The best abuse-resistant saw I ever had was a Sachs 120 super. I had it on the back of my flatbed after cutting a load of wood, and it flew out as I was doing about 60 after hitting a large bump on a rather sharp curve. It landed with the bar stabbing the ground, and sat there quivering for several seconds. I stoped, grabbed it, and threw it back in the truck. I don't think the saw's fall left a single scratch on it, and it never missed a beat.


----------



## P_woozel (Nov 29, 2004)

spacemule said:


> The best abuse-resistant saw I ever had was a Sachs 120 super. I had it on the back of my flatbed after cutting a load of wood, and it flew out as I was doing about 60 after hitting a large bump on a rather sharp curve. It landed with the bar stabbing the ground, and sat there quivering for several seconds. I stoped, grabbed it, and threw it back in the truck. I don't think the saw's fall left a single scratch on it, and it never missed a beat.

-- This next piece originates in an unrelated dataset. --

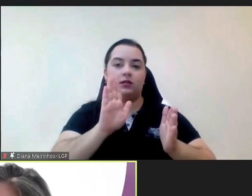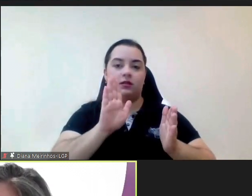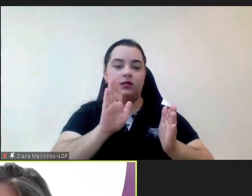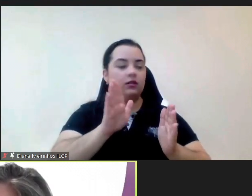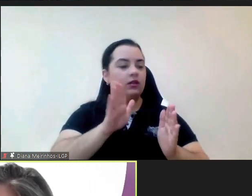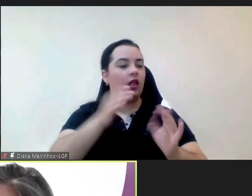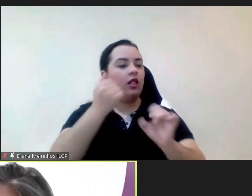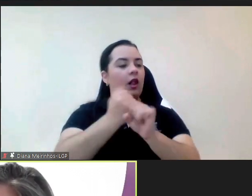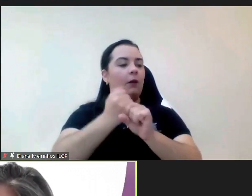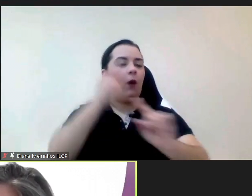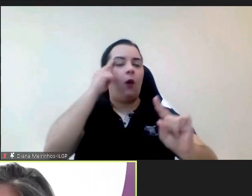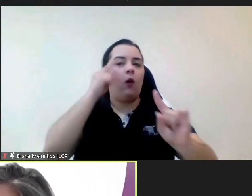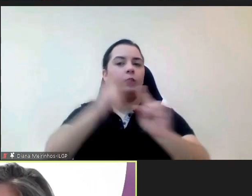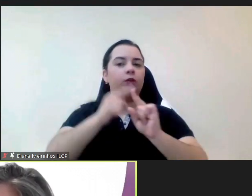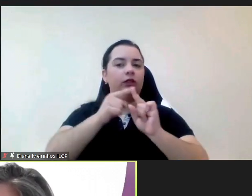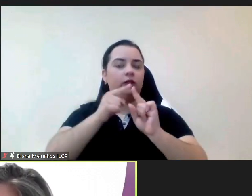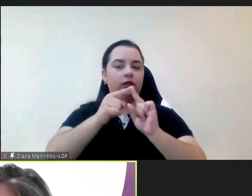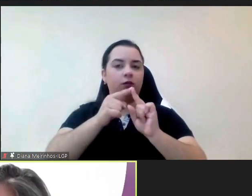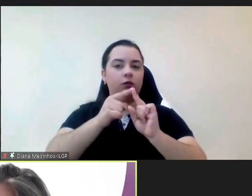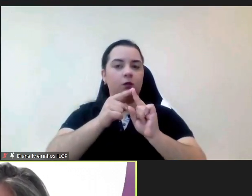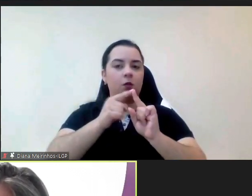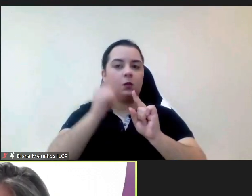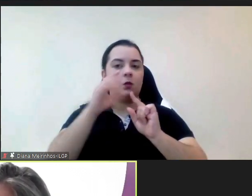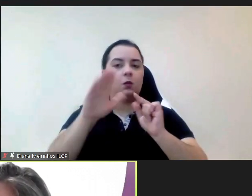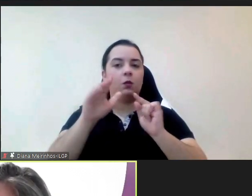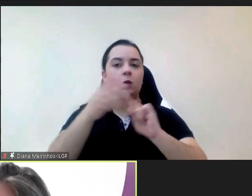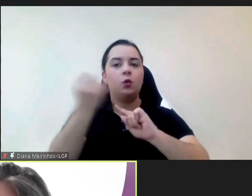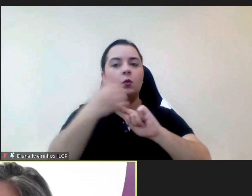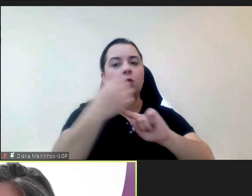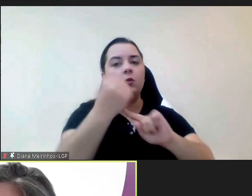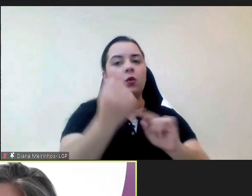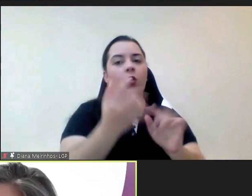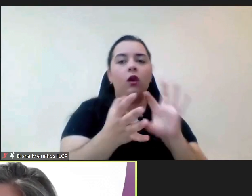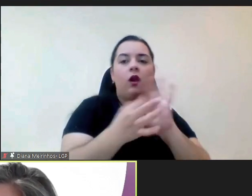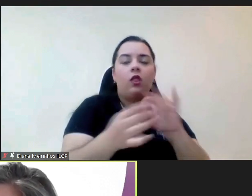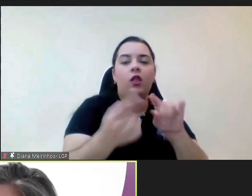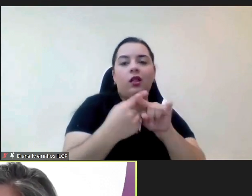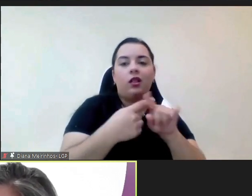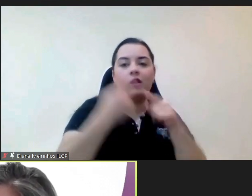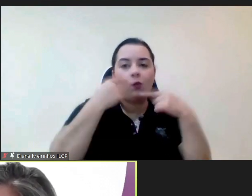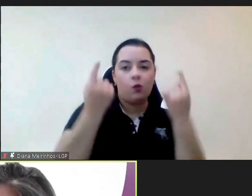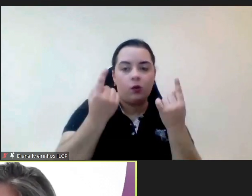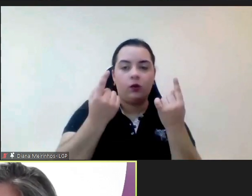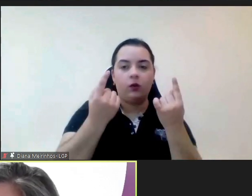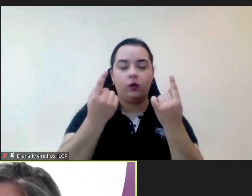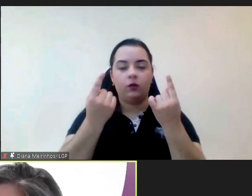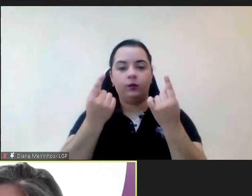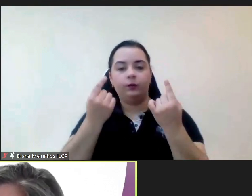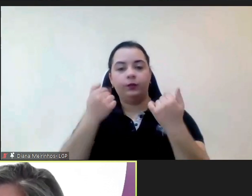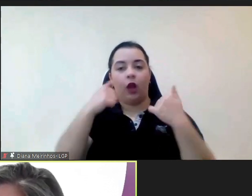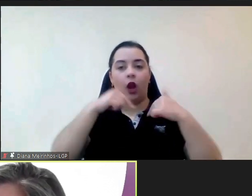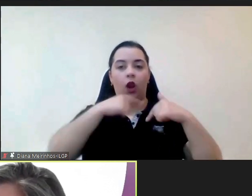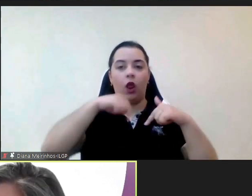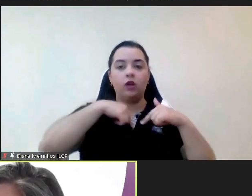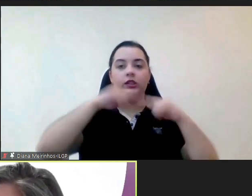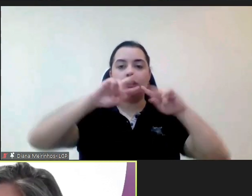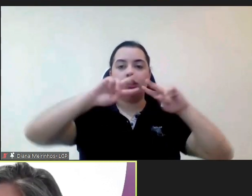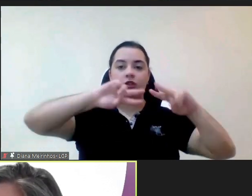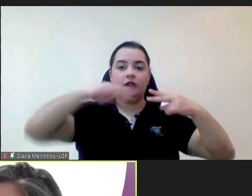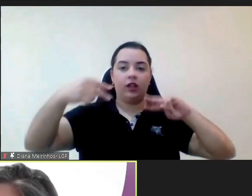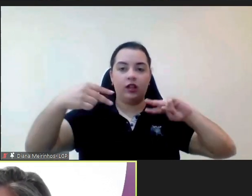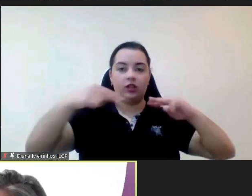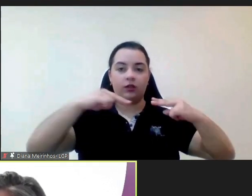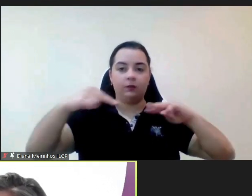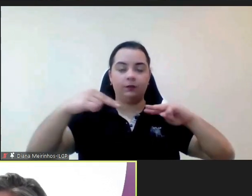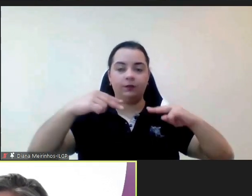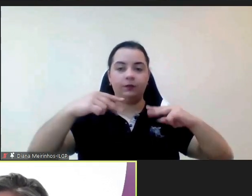também que nós temos precipitado na nossa estratégia. Permita-me destacar também a importância que deu

That does meet the requirements for tough. There used to be a Stihl commercial that showed a guy leaving a unit and his saw falls off, bounces down the switchbacks, he comes up on it grabs it and a nother bend down the road he cuts up a little blowdown.


----------



## John Stewart (Nov 29, 2004)

Ax-man said:


> Chain brake should be engaged if you are taking more than three steps. Good rule to remember when working in thick brush or your not sure of your footing like the conditions you were describing.
> 
> Larry



As soon as you lift your pivit foot which ever that is left or right it makes no matter, on goes the inertia brake! 
Always, Always, Always! 

Not pickin on you Larry but there is no room for a mistake on this one!

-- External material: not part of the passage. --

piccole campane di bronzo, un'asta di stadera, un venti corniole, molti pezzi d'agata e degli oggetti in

Be safe brothers, be safe!

Later
John


----------



## xander9727 (Nov 29, 2004)

I really do think chaps are the only way to go. This time of year guys put them on as soon as they get to the site (keeps them warmer). In the summer I have to remind them periodically. I really like the chaps in the picture, buttons may be better than the straps my full wrap chaps have. My guys keep breaking the buckles. How they accomplish this is beyond me. Snaps are also more stream lined. Let me know how they hold. Read the instructions. You need to wash them when they become soiled or they may not work correctly. Also make sure you wash them according to the directions.


----------